What’s The Most Important Part of Your Credit Score?

There are five different categories that make up your credit score, and one of them makes up over one-third of your score all by itself.

Welcome to the Score Countdown, where we’re counting down the most important scores!

Score number 5? The score for Star Wars: A New Hope, which was labeled the number one greatest movie score on AFI’s list of greatest film scores. And how could it not be?

Score number 4? That would be 370, which was the combined score of the highest scoring NBA game in history on December 13, 1983, when the Pistons beat the Nuggets 186 to 184.

Coming in at score number three is 1,247,700, the current high score for the “Donkey Kong” arcade game, set by Robbie Lakeman on February 2018.

The second most important score is the “four score” of Gettysburg Address fame.

And coming in at number one, the most important score there is … your credit score! Yes, your credit score is very important if you’re looking to get a personal loan, an apartment, a car, or any number of other things. And it’s made up of different parts.

But let’s just ask the question you came to have answered: What’s the most important part of your credit score?


The most important part of your credit score is …

Of the five factors that make up your credit score, the most important one is payment history. We’re glad we could answer that question for you.
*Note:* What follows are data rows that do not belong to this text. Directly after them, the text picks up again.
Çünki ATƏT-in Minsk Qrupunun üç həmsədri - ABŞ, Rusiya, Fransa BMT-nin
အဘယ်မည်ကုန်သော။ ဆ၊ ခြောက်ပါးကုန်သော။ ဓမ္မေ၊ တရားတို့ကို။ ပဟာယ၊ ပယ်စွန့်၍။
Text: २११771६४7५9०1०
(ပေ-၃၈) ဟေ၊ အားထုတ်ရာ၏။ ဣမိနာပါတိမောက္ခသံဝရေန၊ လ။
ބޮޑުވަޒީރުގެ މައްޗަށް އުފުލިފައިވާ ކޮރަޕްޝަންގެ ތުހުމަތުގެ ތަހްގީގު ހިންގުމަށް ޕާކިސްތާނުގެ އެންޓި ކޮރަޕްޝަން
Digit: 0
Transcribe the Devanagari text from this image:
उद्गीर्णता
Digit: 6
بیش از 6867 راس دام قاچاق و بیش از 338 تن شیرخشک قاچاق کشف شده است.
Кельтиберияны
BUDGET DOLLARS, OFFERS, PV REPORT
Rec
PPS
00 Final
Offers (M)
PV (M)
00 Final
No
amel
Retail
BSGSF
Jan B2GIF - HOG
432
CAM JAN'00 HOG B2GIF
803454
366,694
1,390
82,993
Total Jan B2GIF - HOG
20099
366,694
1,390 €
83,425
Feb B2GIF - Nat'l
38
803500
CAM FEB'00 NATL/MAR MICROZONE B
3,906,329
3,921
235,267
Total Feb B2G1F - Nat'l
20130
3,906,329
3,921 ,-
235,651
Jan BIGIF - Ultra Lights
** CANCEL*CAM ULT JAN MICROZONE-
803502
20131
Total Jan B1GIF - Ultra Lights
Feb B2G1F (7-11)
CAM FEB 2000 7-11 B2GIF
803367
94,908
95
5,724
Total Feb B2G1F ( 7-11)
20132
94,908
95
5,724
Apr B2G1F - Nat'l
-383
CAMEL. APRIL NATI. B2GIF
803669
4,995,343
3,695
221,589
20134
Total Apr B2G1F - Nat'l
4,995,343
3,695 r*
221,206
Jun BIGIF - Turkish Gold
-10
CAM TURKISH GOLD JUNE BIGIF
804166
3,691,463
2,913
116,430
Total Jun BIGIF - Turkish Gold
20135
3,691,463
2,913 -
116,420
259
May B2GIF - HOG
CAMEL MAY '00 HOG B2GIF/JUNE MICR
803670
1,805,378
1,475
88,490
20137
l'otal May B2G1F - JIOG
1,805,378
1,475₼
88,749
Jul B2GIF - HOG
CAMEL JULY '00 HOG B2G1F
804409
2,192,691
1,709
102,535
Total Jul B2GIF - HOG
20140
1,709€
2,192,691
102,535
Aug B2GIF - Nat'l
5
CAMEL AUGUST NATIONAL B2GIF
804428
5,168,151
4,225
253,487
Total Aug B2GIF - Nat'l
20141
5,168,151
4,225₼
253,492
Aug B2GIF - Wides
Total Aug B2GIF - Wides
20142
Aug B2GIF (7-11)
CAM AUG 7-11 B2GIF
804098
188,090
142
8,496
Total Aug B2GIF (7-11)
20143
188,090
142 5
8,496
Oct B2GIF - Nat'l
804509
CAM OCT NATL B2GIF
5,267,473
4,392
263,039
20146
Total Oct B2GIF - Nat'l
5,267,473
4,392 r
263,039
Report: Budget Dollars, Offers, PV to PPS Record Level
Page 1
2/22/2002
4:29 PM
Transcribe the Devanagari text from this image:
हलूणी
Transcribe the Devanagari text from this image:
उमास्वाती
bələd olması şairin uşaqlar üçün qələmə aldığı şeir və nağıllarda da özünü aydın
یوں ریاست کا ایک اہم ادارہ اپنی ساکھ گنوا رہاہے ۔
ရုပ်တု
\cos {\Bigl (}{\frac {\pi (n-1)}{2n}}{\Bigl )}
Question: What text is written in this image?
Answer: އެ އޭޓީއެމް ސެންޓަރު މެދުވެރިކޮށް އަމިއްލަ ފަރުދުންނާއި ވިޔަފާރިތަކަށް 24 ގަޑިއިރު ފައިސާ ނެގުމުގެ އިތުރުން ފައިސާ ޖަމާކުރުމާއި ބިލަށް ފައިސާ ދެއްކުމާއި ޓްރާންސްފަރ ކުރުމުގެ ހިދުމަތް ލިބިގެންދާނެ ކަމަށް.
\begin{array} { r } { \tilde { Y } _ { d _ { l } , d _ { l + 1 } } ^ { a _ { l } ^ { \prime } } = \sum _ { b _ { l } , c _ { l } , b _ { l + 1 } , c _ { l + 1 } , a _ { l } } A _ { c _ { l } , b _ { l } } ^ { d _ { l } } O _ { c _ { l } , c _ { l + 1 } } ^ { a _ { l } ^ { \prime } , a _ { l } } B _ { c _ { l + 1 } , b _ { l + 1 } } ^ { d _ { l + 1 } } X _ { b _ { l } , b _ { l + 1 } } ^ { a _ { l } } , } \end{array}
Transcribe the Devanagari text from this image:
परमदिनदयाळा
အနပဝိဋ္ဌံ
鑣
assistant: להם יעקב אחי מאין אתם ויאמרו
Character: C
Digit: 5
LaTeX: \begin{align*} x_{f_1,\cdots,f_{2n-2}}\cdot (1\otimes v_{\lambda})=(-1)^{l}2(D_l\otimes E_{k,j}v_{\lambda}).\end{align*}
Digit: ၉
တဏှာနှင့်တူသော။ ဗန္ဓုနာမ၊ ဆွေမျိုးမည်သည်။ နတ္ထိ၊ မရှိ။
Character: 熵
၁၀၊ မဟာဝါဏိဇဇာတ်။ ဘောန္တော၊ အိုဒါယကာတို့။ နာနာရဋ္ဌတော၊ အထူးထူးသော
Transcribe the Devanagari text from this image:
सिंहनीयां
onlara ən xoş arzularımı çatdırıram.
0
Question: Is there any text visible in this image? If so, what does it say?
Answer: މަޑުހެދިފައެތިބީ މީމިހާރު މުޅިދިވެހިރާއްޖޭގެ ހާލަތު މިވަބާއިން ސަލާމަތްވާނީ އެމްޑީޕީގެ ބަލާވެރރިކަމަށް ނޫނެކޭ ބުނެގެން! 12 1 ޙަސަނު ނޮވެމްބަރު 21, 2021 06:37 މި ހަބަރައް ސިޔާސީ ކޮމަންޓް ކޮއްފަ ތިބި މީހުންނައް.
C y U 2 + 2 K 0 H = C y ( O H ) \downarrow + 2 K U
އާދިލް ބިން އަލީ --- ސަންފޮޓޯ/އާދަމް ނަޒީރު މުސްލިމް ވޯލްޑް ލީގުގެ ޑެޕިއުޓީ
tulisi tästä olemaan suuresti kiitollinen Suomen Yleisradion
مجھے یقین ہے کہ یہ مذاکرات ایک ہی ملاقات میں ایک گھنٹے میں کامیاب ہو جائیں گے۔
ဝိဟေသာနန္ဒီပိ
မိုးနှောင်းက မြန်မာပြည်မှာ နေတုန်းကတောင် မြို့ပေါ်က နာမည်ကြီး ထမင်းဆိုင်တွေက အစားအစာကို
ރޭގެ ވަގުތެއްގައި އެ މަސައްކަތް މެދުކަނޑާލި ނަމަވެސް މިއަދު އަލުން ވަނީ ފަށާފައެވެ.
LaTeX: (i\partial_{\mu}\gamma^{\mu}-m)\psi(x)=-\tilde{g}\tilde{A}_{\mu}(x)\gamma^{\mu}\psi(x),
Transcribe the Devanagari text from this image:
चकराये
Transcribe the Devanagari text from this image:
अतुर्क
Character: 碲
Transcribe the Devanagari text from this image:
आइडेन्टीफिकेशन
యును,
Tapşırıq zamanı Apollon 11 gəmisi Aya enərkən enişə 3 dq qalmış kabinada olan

Have a nice day! Keep warm!

Wait, how do you improve your payment history?

Don’t worry, we weren’t just going to leave you to fend for yourself. We spoke to the experts to find out how you can improve your payment history. The first piece of advice may seem obvious, but it’s also very important.

“Start making payments on time,” urged Leslie H. Tayne Esq. (@LeslieHTayneEsq), Founder and Head Attorney at Tayne Law Group (@taynelawgroup). “If your credit score is hurting because of your payment history, this likely means you haven’t been making your payments on time. In order to begin to remedy this, you need to start paying on time.”

“Paying as much as you possibly can by the due date will be the fastest way to improve your score, but even making the minimum payment on time will help. Do whatever you need to do to remember to make a payment.

“I write all of my due dates on my desk calendar in red pen so I don’t forget. Or perhaps set a calendar reminder in your phone or leave yourself notes where you’ll see them and remember. You can’t erase late payments from your history. The only way to repair it is to change your habits.”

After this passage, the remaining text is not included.